# EXERCISE GOAL
Copy out each line of the material below that holds the string "steps".

START SOURCE DATA

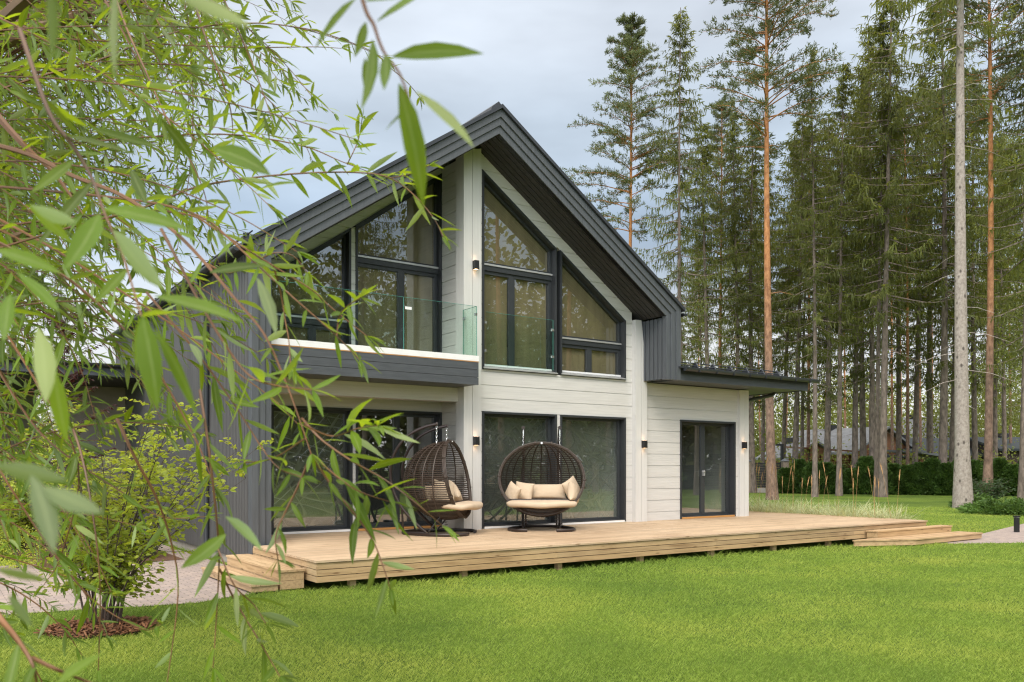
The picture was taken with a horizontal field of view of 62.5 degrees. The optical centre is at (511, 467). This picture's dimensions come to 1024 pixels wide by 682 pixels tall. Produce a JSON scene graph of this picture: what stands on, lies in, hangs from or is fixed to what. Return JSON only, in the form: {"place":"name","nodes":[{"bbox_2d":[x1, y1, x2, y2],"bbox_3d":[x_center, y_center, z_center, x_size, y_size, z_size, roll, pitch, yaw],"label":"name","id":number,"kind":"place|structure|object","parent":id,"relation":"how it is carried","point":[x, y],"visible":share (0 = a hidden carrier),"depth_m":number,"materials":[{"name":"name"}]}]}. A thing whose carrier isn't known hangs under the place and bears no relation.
{"place":"outdoors","nodes":[
{"label":"outdoors","id":0,"kind":"place"},
{"bbox_2d":[35,254,89,416],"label":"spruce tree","id":1,"kind":"object","parent":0,"point":[68,331],"visible":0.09,"depth_m":51.84,"materials":[{"name":"green plant"}]},
{"bbox_2d":[0,527,297,614],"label":"paved path","id":2,"kind":"structure","parent":0,"point":[189,578],"depth_m":11.08,"materials":[{"name":"stone"}]},
{"bbox_2d":[0,525,46,568],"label":"shrub","id":3,"kind":"object","parent":2,"relation":"on","point":[19,563],"visible":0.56,"depth_m":13.42,"materials":[{"name":"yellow plant"}]},
{"bbox_2d":[7,534,181,568],"bbox_3d":[-8.724,1.598,16.924,2.400,0.001,7.900,0,0,-35],"label":"planting bed","id":4,"kind":"object","parent":2,"relation":"on","point":[160,557],"depth_m":15.13,"materials":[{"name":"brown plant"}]},
{"bbox_2d":[0,443,64,549],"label":"yellow leaved shrub","id":5,"kind":"object","parent":4,"relation":"on","point":[23,522],"visible":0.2,"depth_m":16.35,"materials":[{"name":"green plant"}]},
{"bbox_2d":[12,308,117,548],"bbox_3d":[-8.495,-0.784,16.059,1.771,4.772,1.562,0,0,-35],"label":"shrub","id":6,"kind":"object","parent":4,"relation":"on","point":[75,375],"visible":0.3,"depth_m":15.96,"materials":[{"name":"green plant"}]},
{"bbox_2d":[60,449,153,550],"bbox_3d":[-7.248,0.577,14.604,1.558,2.052,1.826,0,0,-3],"label":"yellow leaved shrub","id":7,"kind":"object","parent":4,"relation":"on","point":[111,503],"visible":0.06,"depth_m":14.60,"materials":[{"name":"green plant"}]},
{"bbox_2d":[201,554,305,592],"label":"wooden steps","id":8,"kind":"structure","parent":2,"relation":"on","point":[250,565],"depth_m":11.42,"materials":[{"name":"wood"}]},
{"bbox_2d":[0,487,1023,681],"bbox_3d":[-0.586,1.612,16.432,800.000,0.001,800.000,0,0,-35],"label":"lawn","id":9,"kind":"structure","parent":0,"point":[926,501],"depth_m":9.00,"materials":[{"name":"plant"}]},
{"bbox_2d":[0,452,28,554],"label":"yellow leaved shrub","id":10,"kind":"object","parent":9,"relation":"on","point":[1,505],"visible":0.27,"depth_m":14.62,"materials":[{"name":"green plant"}]},
{"bbox_2d":[0,135,65,357],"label":"spruce tree","id":11,"kind":"object","parent":9,"relation":"on","point":[8,352],"visible":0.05,"depth_m":37.81,"materials":[{"name":"green plant"}]},
{"bbox_2d":[0,357,141,528],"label":"carport","id":12,"kind":"object","parent":9,"relation":"on","point":[111,391],"visible":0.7,"depth_m":20.68,"materials":[{"name":"grey paint"}]},
{"bbox_2d":[33,615,158,638],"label":"bark mulch","id":13,"kind":"object","parent":9,"relation":"on","point":[52,629],"visible":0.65,"depth_m":8.17,"materials":[{"name":"wood"}]},
{"bbox_2d":[0,389,274,624],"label":"yellow leaved shrub","id":14,"kind":"object","parent":13,"relation":"on","point":[124,562],"visible":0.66,"depth_m":8.29,"materials":[{"name":"green plant"}]},
{"bbox_2d":[0,0,482,681],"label":"willow tree","id":15,"kind":"object","parent":9,"relation":"on","point":[48,28],"visible":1,"depth_m":2.38,"materials":[{"name":"green plant"}]},
{"bbox_2d":[105,101,820,561],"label":"house","id":16,"kind":"structure","parent":9,"relation":"on","point":[563,307],"depth_m":16.93,"materials":[{"name":"paint"}]},
{"bbox_2d":[271,228,350,343],"bbox_3d":[-3.723,-3.249,15.474,1.555,2.499,0.252,0,0,-35],"label":"window","id":17,"kind":"structure","parent":16,"relation":"in","point":[333,270],"depth_m":15.70,"materials":[{"name":"black glass"}]},
{"bbox_2d":[271,405,352,534],"bbox_3d":[-3.697,0.043,15.487,1.552,2.306,0.260,0,0,-35],"label":"window","id":18,"kind":"structure","parent":16,"relation":"in","point":[347,446],"depth_m":15.71,"materials":[{"name":"black metal"}]},
{"bbox_2d":[351,173,442,352],"bbox_3d":[-2.234,-3.965,16.509,1.889,3.930,0.252,0,0,-35],"label":"window","id":19,"kind":"structure","parent":16,"relation":"in","point":[383,242],"depth_m":16.63,"materials":[{"name":"clear glass"}]},
{"bbox_2d":[355,409,441,530],"bbox_3d":[-2.239,0.043,16.501,1.863,2.306,0.260,0,0,-35],"label":"glass door","id":20,"kind":"structure","parent":16,"relation":"in","point":[436,416],"depth_m":16.53,"materials":[{"name":"glass"}]},
{"bbox_2d":[482,411,556,528],"bbox_3d":[0.112,0.048,17.040,1.840,2.296,0.260,0,0,-35],"label":"window","id":21,"kind":"structure","parent":16,"relation":"in","point":[551,418],"depth_m":17.11,"materials":[{"name":"black metal"}]},
{"bbox_2d":[482,169,557,374],"bbox_3d":[0.121,-3.864,17.027,1.840,3.889,0.290,0,0,-35],"label":"window","id":22,"kind":"structure","parent":16,"relation":"in","point":[517,343],"depth_m":17.07,"materials":[{"name":"clear glass"}]},
{"bbox_2d":[557,250,626,379],"bbox_3d":[1.701,-3.219,18.126,1.830,2.599,0.290,0,0,-35],"label":"window","id":23,"kind":"structure","parent":16,"relation":"in","point":[583,324],"depth_m":18.13,"materials":[{"name":"clear glass"}]},
{"bbox_2d":[560,415,625,524],"bbox_3d":[1.692,0.048,18.139,1.830,2.296,0.260,0,0,-35],"label":"window","id":24,"kind":"structure","parent":16,"relation":"in","point":[620,516],"depth_m":18.55,"materials":[{"name":"black metal"}]},
{"bbox_2d":[680,420,735,518],"bbox_3d":[4.613,0.043,20.188,1.913,2.306,0.290,0,0,-35],"label":"glass door","id":25,"kind":"structure","parent":16,"relation":"in","point":[730,427],"depth_m":20.42,"materials":[{"name":"metal"}]},
{"bbox_2d":[5,303,1021,472],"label":"woods","id":26,"kind":"object","parent":9,"relation":"on","point":[821,423],"visible":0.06,"depth_m":96.48,"materials":[{"name":"plant"}]},
{"bbox_2d":[253,511,927,588],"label":"wooden deck","id":27,"kind":"structure","parent":9,"relation":"on","point":[322,557],"depth_m":14.07,"materials":[{"name":"light brown wood planks"}]},
{"bbox_2d":[389,422,476,536],"bbox_3d":[-1.415,0.200,15.245,1.458,2.001,1.691,0,0,10],"label":"hanging chair","id":28,"kind":"object","parent":27,"relation":"on","point":[435,455],"visible":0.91,"depth_m":14.91,"materials":[{"name":"wicker"}]},
{"bbox_2d":[441,501,482,509],"bbox_3d":[-0.934,0.681,15.158,0.757,0.159,1.335,0,0,10],"label":"seat cushion","id":29,"kind":"object","parent":28,"relation":"on","point":[469,505],"visible":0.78,"depth_m":14.62,"materials":[{"name":"beige fabric"}]},
{"bbox_2d":[434,480,453,499],"bbox_3d":[-1.190,0.455,14.797,0.447,0.428,0.181,18,-28,-40],"label":"pillow","id":30,"kind":"object","parent":29,"relation":"on","point":[451,488],"visible":0.46,"depth_m":14.70,"materials":[{"name":"beige fabric"}]},
{"bbox_2d":[497,426,586,531],"bbox_3d":[0.570,0.200,16.350,1.691,2.001,1.458,0,0,1],"label":"hanging chair","id":31,"kind":"object","parent":27,"relation":"on","point":[545,512],"visible":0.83,"depth_m":16.44,"materials":[{"name":"wicker"}]},
{"bbox_2d":[506,500,576,508],"bbox_3d":[0.559,0.681,15.861,1.335,0.159,0.757,0,0,1],"label":"seat cushion","id":32,"kind":"object","parent":31,"relation":"on","point":[541,504],"visible":0.91,"depth_m":15.55,"materials":[{"name":"beige fabric"}]},
{"bbox_2d":[505,481,520,498],"bbox_3d":[0.013,0.485,15.983,0.165,0.354,0.354,13,15,-40],"label":"pillow","id":33,"kind":"object","parent":32,"relation":"on","point":[513,490],"visible":0.79,"depth_m":15.89,"materials":[{"name":"beige fabric"}]},
{"bbox_2d":[516,481,534,498],"bbox_3d":[0.225,0.455,16.118,0.373,0.354,0.162,8,-14,15],"label":"pillow","id":34,"kind":"object","parent":32,"relation":"on","point":[526,492],"visible":0.7,"depth_m":16.04,"materials":[{"name":"beige fabric"}]},
{"bbox_2d":[532,484,566,498],"bbox_3d":[0.589,0.465,16.311,0.931,0.298,0.181,0,-14,1],"label":"pillow","id":35,"kind":"object","parent":32,"relation":"on","point":[548,491],"visible":0.69,"depth_m":16.23,"materials":[{"name":"beige fabric"}]},
{"bbox_2d":[567,482,578,503],"bbox_3d":[1.160,0.475,15.899,0.181,0.354,0.354,-9,-18,25],"label":"pillow","id":36,"kind":"object","parent":32,"relation":"on","point":[573,490],"visible":0.92,"depth_m":15.77,"materials":[{"name":"beige fabric"}]},
{"bbox_2d":[560,11,696,247],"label":"pine tree","id":37,"kind":"object","parent":9,"relation":"on","point":[633,55],"visible":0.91,"depth_m":49.62,"materials":[{"name":"green plant"}]},
{"bbox_2d":[635,7,727,367],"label":"spruce tree","id":38,"kind":"object","parent":9,"relation":"on","point":[679,272],"visible":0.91,"depth_m":46.78,"materials":[{"name":"green plant"}]},
{"bbox_2d":[681,253,717,365],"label":"pine tree","id":39,"kind":"object","parent":9,"relation":"on","point":[711,284],"visible":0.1,"depth_m":79.53,"materials":[{"name":"green plant"}]},
{"bbox_2d":[682,238,723,366],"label":"spruce tree","id":40,"kind":"object","parent":9,"relation":"on","point":[697,322],"visible":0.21,"depth_m":65.94,"materials":[{"name":"green plant"}]},
{"bbox_2d":[663,122,755,368],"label":"spruce tree","id":41,"kind":"object","parent":9,"relation":"on","point":[704,255],"visible":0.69,"depth_m":51.83,"materials":[{"name":"green plant"}]},
{"bbox_2d":[684,93,762,367],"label":"pine tree","id":42,"kind":"object","parent":9,"relation":"on","point":[721,130],"visible":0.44,"depth_m":56.53,"materials":[{"name":"green plant"}]},
{"bbox_2d":[689,111,782,405],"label":"spruce tree","id":43,"kind":"object","parent":9,"relation":"on","point":[734,220],"visible":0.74,"depth_m":52.81,"materials":[{"name":"green plant"}]},
{"bbox_2d":[700,119,799,492],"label":"spruce tree","id":44,"kind":"object","parent":9,"relation":"on","point":[750,216],"visible":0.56,"depth_m":53.73,"materials":[{"name":"green plant"}]},
{"bbox_2d":[718,164,785,430],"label":"spruce tree","id":45,"kind":"object","parent":9,"relation":"on","point":[759,184],"visible":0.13,"depth_m":61.96,"materials":[{"name":"green plant"}]},
{"bbox_2d":[726,161,804,487],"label":"spruce tree","id":46,"kind":"object","parent":9,"relation":"on","point":[763,368],"visible":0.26,"depth_m":57.99,"materials":[{"name":"green plant"}]},
{"bbox_2d":[690,0,845,499],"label":"pine tree","id":47,"kind":"object","parent":9,"relation":"on","point":[767,24],"visible":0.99,"depth_m":41.92,"materials":[{"name":"green plant"}]},
{"bbox_2d":[749,458,788,492],"bbox_3d":[16.258,0.550,54.000,2.970,2.300,0.520,0,0,0],"label":"slatted fence","id":48,"kind":"object","parent":9,"relation":"on","point":[784,462],"visible":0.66,"depth_m":53.98,"materials":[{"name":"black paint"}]},
{"bbox_2d":[743,140,825,457],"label":"spruce tree","id":49,"kind":"object","parent":9,"relation":"on","point":[784,417],"visible":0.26,"depth_m":59.88,"materials":[{"name":"green plant"}]},
{"bbox_2d":[777,467,799,492],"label":"arborvitae shrub","id":50,"kind":"object","parent":9,"relation":"on","point":[783,471],"visible":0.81,"depth_m":52.24,"materials":[{"name":"plant"}]},
{"bbox_2d":[755,438,823,472],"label":"neighbour house","id":51,"kind":"structure","parent":9,"relation":"on","point":[788,440],"depth_m":78.23,"materials":[{"name":"grey metal"}]},
{"bbox_2d":[784,458,810,493],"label":"arborvitae shrub","id":52,"kind":"object","parent":9,"relation":"on","point":[801,463],"visible":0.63,"depth_m":52.15,"materials":[{"name":"plant"}]},
{"bbox_2d":[753,117,851,462],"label":"spruce tree","id":53,"kind":"object","parent":9,"relation":"on","point":[787,274],"visible":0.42,"depth_m":55.84,"materials":[{"name":"green plant"}]},
{"bbox_2d":[772,195,832,458],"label":"spruce tree","id":54,"kind":"object","parent":9,"relation":"on","point":[809,410],"visible":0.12,"depth_m":61.83,"materials":[{"name":"green plant"}]},
{"bbox_2d":[780,128,831,460],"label":"pine tree","id":55,"kind":"object","parent":9,"relation":"on","point":[808,416],"visible":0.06,"depth_m":66.03,"materials":[{"name":"green plant"}]},
{"bbox_2d":[795,461,828,493],"bbox_3d":[18.492,0.621,51.705,2.021,2.097,2.093,0,0,31],"label":"arborvitae shrub","id":56,"kind":"object","parent":9,"relation":"on","point":[807,471],"visible":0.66,"depth_m":51.40,"materials":[{"name":"plant"}]},
{"bbox_2d":[763,50,873,496],"bbox_3d":[16.823,-10.579,46.383,5.381,24.554,5.309,0,0,-18],"label":"spruce tree","id":57,"kind":"object","parent":9,"relation":"on","point":[810,178],"visible":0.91,"depth_m":45.92,"materials":[{"name":"green plant"}]},
{"bbox_2d":[778,113,875,461],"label":"spruce tree","id":58,"kind":"object","parent":9,"relation":"on","point":[827,433],"visible":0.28,"depth_m":52.96,"materials":[{"name":"green plant"}]},
{"bbox_2d":[791,167,866,452],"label":"spruce tree","id":59,"kind":"object","parent":9,"relation":"on","point":[826,289],"visible":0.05,"depth_m":70.40,"materials":[{"name":"green plant"}]},
{"bbox_2d":[818,461,843,493],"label":"arborvitae shrub","id":60,"kind":"object","parent":9,"relation":"on","point":[829,467],"visible":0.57,"depth_m":51.30,"materials":[{"name":"plant"}]},
{"bbox_2d":[798,62,891,495],"bbox_3d":[18.997,-10.801,48.519,5.296,25.002,5.342,0,0,-8],"label":"spruce tree","id":61,"kind":"object","parent":9,"relation":"on","point":[842,100],"visible":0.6,"depth_m":48.08,"materials":[{"name":"green plant"}]},
{"bbox_2d":[786,446,909,467],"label":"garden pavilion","id":62,"kind":"structure","parent":9,"relation":"on","point":[846,463],"depth_m":64.51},
{"bbox_2d":[834,467,866,493],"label":"arborvitae shrub","id":63,"kind":"object","parent":9,"relation":"on","point":[846,478],"visible":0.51,"depth_m":50.88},
{"bbox_2d":[790,425,911,463],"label":"neighbour house","id":64,"kind":"structure","parent":9,"relation":"on","point":[846,432],"depth_m":78.98,"materials":[{"name":"grey metal"}]},
{"bbox_2d":[807,63,911,467],"bbox_3d":[22.144,-12.041,53.766,6.133,27.506,5.782,0,0,-4],"label":"spruce tree","id":65,"kind":"object","parent":9,"relation":"on","point":[855,431],"visible":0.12,"depth_m":53.75,"materials":[{"name":"green plant"}]},
{"bbox_2d":[848,456,873,494],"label":"arborvitae shrub","id":66,"kind":"object","parent":9,"relation":"on","point":[863,463],"visible":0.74,"depth_m":50.28,"materials":[{"name":"plant"}]},
{"bbox_2d":[810,95,916,456],"bbox_3d":[24.581,-12.290,59.126,6.971,28.006,8.613,0,0,33],"label":"spruce tree","id":67,"kind":"object","parent":9,"relation":"on","point":[862,444],"visible":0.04,"depth_m":58.95,"materials":[{"name":"green plant"}]},
{"bbox_2d":[843,476,898,517],"bbox_3d":[8.790,0.899,20.346,1.761,1.406,1.683,0,0,-33],"label":"reed grass clump","id":68,"kind":"object","parent":9,"relation":"on","point":[874,514],"visible":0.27,"depth_m":20.46,"materials":[{"name":"green plant"}]},
{"bbox_2d":[817,23,933,458],"bbox_3d":[22.193,-12.786,51.864,6.982,29.007,5.650,0,0,4],"label":"spruce tree","id":69,"kind":"object","parent":9,"relation":"on","point":[871,375],"visible":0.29,"depth_m":51.72,"materials":[{"name":"green plant"}]},
{"bbox_2d":[863,464,896,494],"bbox_3d":[22.030,0.655,50.380,1.974,2.048,1.860,0,0,3],"label":"arborvitae shrub","id":70,"kind":"object","parent":9,"relation":"on","point":[891,488],"visible":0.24,"depth_m":49.94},
{"bbox_2d":[839,7,932,495],"bbox_3d":[20.512,-11.795,46.480,4.904,27.002,4.862,0,0,39],"label":"spruce tree","id":71,"kind":"object","parent":9,"relation":"on","point":[882,44],"visible":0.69,"depth_m":46.67,"materials":[{"name":"green plant"}]},
{"bbox_2d":[755,424,1018,485],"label":"undergrowth","id":72,"kind":"object","parent":9,"relation":"on","point":[888,459],"visible":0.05,"depth_m":60.18,"materials":[{"name":"plant"}]},
{"bbox_2d":[866,465,920,527],"bbox_3d":[9.125,0.742,20.021,1.711,1.719,1.753,0,0,-10],"label":"reed grass clump","id":73,"kind":"object","parent":9,"relation":"on","point":[899,516],"visible":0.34,"depth_m":20.01,"materials":[{"name":"green plant"}]},
{"bbox_2d":[874,172,915,462],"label":"pine tree","id":74,"kind":"object","parent":9,"relation":"on","point":[892,433],"visible":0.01,"depth_m":74.98,"materials":[{"name":"orange plant"}]},
{"bbox_2d":[842,115,949,465],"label":"spruce tree","id":75,"kind":"object","parent":9,"relation":"on","point":[898,425],"visible":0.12,"depth_m":59.90,"materials":[{"name":"green plant"}]},
{"bbox_2d":[888,463,906,494],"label":"arborvitae shrub","id":76,"kind":"object","parent":9,"relation":"on","point":[894,468],"visible":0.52,"depth_m":50.03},
{"bbox_2d":[819,0,977,496],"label":"spruce tree","id":77,"kind":"object","parent":9,"relation":"on","point":[899,112],"visible":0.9,"depth_m":45.79,"materials":[{"name":"green plant"}]},
{"bbox_2d":[878,97,934,464],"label":"pine tree","id":78,"kind":"object","parent":9,"relation":"on","point":[907,361],"visible":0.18,"depth_m":55.73,"materials":[{"name":"green plant"}]},
{"bbox_2d":[893,464,921,494],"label":"arborvitae shrub","id":79,"kind":"object","parent":9,"relation":"on","point":[907,469],"visible":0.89,"depth_m":49.54,"materials":[{"name":"plant"}]},
{"bbox_2d":[852,525,982,545],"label":"wooden steps","id":80,"kind":"structure","parent":9,"relation":"on","point":[917,535],"depth_m":17.84,"materials":[{"name":"wood"}]},
{"bbox_2d":[904,461,931,494],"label":"arborvitae shrub","id":81,"kind":"object","parent":9,"relation":"on","point":[919,467],"visible":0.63,"depth_m":49.40,"materials":[{"name":"plant"}]},
{"bbox_2d":[889,414,949,437],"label":"neighbour house","id":82,"kind":"structure","parent":9,"relation":"on","point":[910,424],"depth_m":102.29,"materials":[{"name":"grey metal"}]},
{"bbox_2d":[903,214,937,446],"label":"pine tree","id":83,"kind":"object","parent":9,"relation":"on","point":[920,428],"visible":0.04,"depth_m":79.81,"materials":[{"name":"orange plant"}]},
{"bbox_2d":[877,72,975,463],"bbox_3d":[28.057,-12.783,57.905,6.467,29.006,6.097,0,0,-44],"label":"spruce tree","id":84,"kind":"object","parent":9,"relation":"on","point":[915,425],"visible":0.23,"depth_m":57.75,"materials":[{"name":"green plant"}]},
{"bbox_2d":[915,457,949,494],"bbox_3d":[24.663,0.521,49.431,2.035,2.311,2.216,0,0,-26],"label":"arborvitae shrub","id":85,"kind":"object","parent":9,"relation":"on","point":[931,464],"visible":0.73,"depth_m":49.07,"materials":[{"name":"plant"}]},
{"bbox_2d":[881,87,984,458],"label":"spruce tree","id":86,"kind":"object","parent":9,"relation":"on","point":[929,431],"visible":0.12,"depth_m":60.78,"materials":[{"name":"green plant"}]},
{"bbox_2d":[887,435,983,463],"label":"neighbour house","id":87,"kind":"structure","parent":9,"relation":"on","point":[936,440],"depth_m":78.91,"materials":[{"name":"grey stone"}]},
{"bbox_2d":[928,462,953,494],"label":"arborvitae shrub","id":88,"kind":"object","parent":9,"relation":"on","point":[947,473],"visible":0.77,"depth_m":48.54,"materials":[{"name":"plant"}]},
{"bbox_2d":[866,0,1023,462],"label":"spruce tree","id":89,"kind":"object","parent":9,"relation":"on","point":[947,316],"visible":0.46,"depth_m":49.91,"materials":[{"name":"green plant"}]},
{"bbox_2d":[870,0,1020,507],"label":"spruce tree","id":90,"kind":"object","parent":9,"relation":"on","point":[962,493],"visible":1,"depth_m":33.29,"materials":[{"name":"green plant"}]},
{"bbox_2d":[898,33,1016,462],"bbox_3d":[28.885,-13.280,54.858,8.025,30.007,6.494,1,0,-42],"label":"spruce tree","id":91,"kind":"object","parent":9,"relation":"on","point":[951,440],"visible":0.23,"depth_m":54.76,"materials":[{"name":"green plant"}]},
{"bbox_2d":[915,0,1023,490],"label":"pine tree","id":92,"kind":"object","parent":9,"relation":"on","point":[988,427],"visible":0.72,"depth_m":40.52,"materials":[{"name":"green plant"}]},
{"bbox_2d":[927,69,1019,460],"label":"spruce tree","id":93,"kind":"object","parent":9,"relation":"on","point":[974,394],"visible":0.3,"depth_m":55.90,"materials":[{"name":"green plant"}]},
{"bbox_2d":[971,459,982,492],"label":"arborvitae shrub","id":94,"kind":"object","parent":9,"relation":"on","point":[976,467],"visible":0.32,"depth_m":48.05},
{"bbox_2d":[936,136,1023,457],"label":"spruce tree","id":95,"kind":"object","parent":9,"relation":"on","point":[995,428],"visible":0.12,"depth_m":61.83,"materials":[{"name":"green plant"}]},
{"bbox_2d":[948,264,1023,430],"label":"birch tree","id":96,"kind":"object","parent":9,"relation":"on","point":[1012,408],"visible":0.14,"depth_m":69.43,"materials":[{"name":"plant"}]},
{"bbox_2d":[951,136,1023,394],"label":"tree","id":97,"kind":"object","parent":9,"relation":"on","point":[1017,234],"visible":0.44,"depth_m":47.63,"materials":[{"name":"plant"}]},
{"bbox_2d":[955,497,1023,514],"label":"spreading juniper","id":98,"kind":"object","parent":9,"relation":"on","point":[977,506],"visible":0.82,"depth_m":29.05,"materials":[{"name":"plant"}]},
{"bbox_2d":[972,477,1015,500],"bbox_3d":[19.783,0.985,35.105,1.759,1.242,2.229,0,0,12],"label":"rhododendron shrub","id":99,"kind":"object","parent":9,"relation":"on","point":[986,488],"visible":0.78,"depth_m":34.71,"materials":[{"name":"green plant"}]},
{"bbox_2d":[965,0,1023,499],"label":"spruce tree","id":100,"kind":"object","parent":9,"relation":"on","point":[1018,173],"visible":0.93,"depth_m":40.15,"materials":[{"name":"green plant"}]},
{"bbox_2d":[970,433,1019,463],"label":"neighbour house","id":101,"kind":"structure","parent":9,"relation":"on","point":[1016,444],"depth_m":74.65,"materials":[{"name":"grey stone"}]},
{"bbox_2d":[967,143,1023,459],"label":"spruce tree","id":102,"kind":"object","parent":9,"relation":"on","point":[1004,433],"visible":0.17,"depth_m":59.96,"materials":[{"name":"green plant"}]},
{"bbox_2d":[983,496,1023,515],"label":"spreading juniper","id":103,"kind":"object","parent":9,"relation":"on","point":[1014,507],"visible":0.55,"depth_m":28.58,"materials":[{"name":"plant"}]},
{"bbox_2d":[993,457,1016,495],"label":"arborvitae shrub","id":104,"kind":"object","parent":9,"relation":"on","point":[1000,465],"visible":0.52,"depth_m":47.76,"materials":[{"name":"plant"}]},
{"bbox_2d":[997,463,1018,495],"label":"arborvitae shrub","id":105,"kind":"object","parent":9,"relation":"on","point":[1013,470],"visible":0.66,"depth_m":47.32,"materials":[{"name":"plant"}]},
{"bbox_2d":[0,0,1023,444],"label":"sky","id":106,"kind":"structure","parent":0,"point":[538,59],"materials":[{"name":"white"}]},
{"bbox_2d":[941,524,1023,543],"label":"paved path","id":107,"kind":"structure","parent":0,"point":[1008,535],"depth_m":19.31,"materials":[{"name":"concrete"}]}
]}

END SOURCE DATA

# TASK RESULT
{"bbox_2d":[201,554,305,592],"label":"wooden steps","id":8,"kind":"structure","parent":2,"relation":"on","point":[250,565],"depth_m":11.42,"materials":[{"name":"wood"}]},
{"bbox_2d":[852,525,982,545],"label":"wooden steps","id":80,"kind":"structure","parent":9,"relation":"on","point":[917,535],"depth_m":17.84,"materials":[{"name":"wood"}]},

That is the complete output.